LE PORTIER.—C'est possible! Mais, tout de même, Je ne serais pas fâché d'avoir mon argent: si demain je ne suis pas payé; je fais du bruit.
L'ÉLÈVE.—Vous serez payé demain, c'est moi qui vous le dis.
LE PORTIER.—Avec ça que vous êtes de bonne paye, vous qui n'avez jamais un sou! C'est toujours les autres qui payent pour vous.
L'ÉLÈVE.—Qu'est-ce que ça vous fait, puisque, au total, vous n'y perdez jamais rien! Je fais aller votre commerce, moi.
LE PORTIER.—Et vous vous nourrissez bien, aussi. Voilà que vous avez mangé la moitié des provisions de votre protégé. Comment l'appelez-vous, ce brave garçon?
L'ÉLÈVE.—Gargilier! Une bonne pratique, allez! Bête comme il n'y en a pas; niais comme on n'en voit pas, un vrai Jocrisse.
LE PORTIER.-Bien, bien, on en fera son profit; merci, Monsieur.. Tout de même ne mangez pas tout.
L'ÉLÈVE.—Non, non, je n'en mange que juste la moitié; le reste est pour lui.

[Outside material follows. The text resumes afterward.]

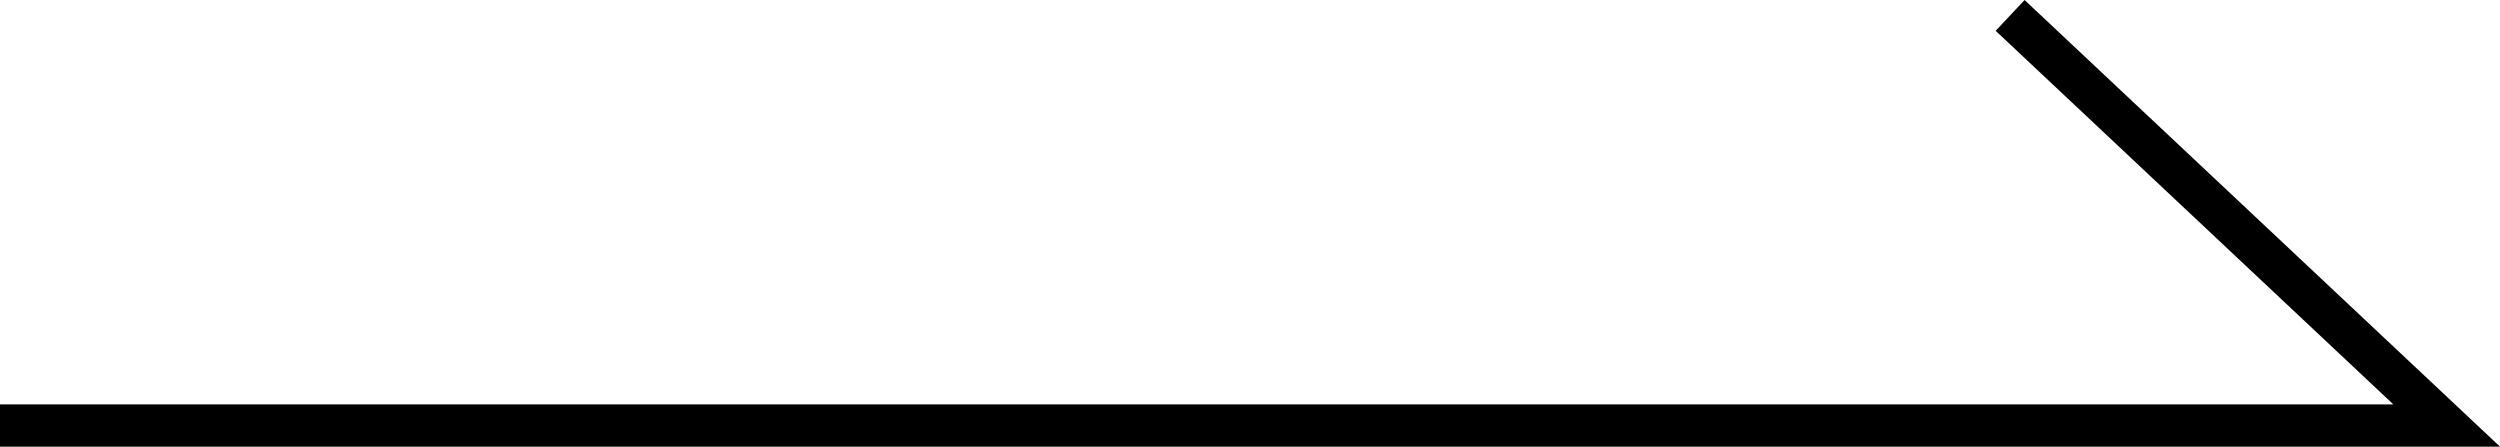 <svg xmlns="http://www.w3.org/2000/svg" width="59.188" height="10.575" viewBox="0 0 59.188 10.575">
  <path id="パス_1301" data-name="パス 1301" d="M-11548.066,1240.107h57.926l-10.336-9.71" transform="translate(11548.066 -1230.032)" fill="none" stroke="#000" stroke-width="1"/>
</svg>

L'élève partit en courant, et remit aux mains impatientes d'Innocent cinq croquets, une pomme, dix noix et une tarte.
L'ÉLÈVE.—Tiens, Gargilier, tu vas te régaler; j'en ai pris beaucoup, tu en auras pour deux ou trois jours; alors tu me redois un franc quinze, que j'ai payés pour toi.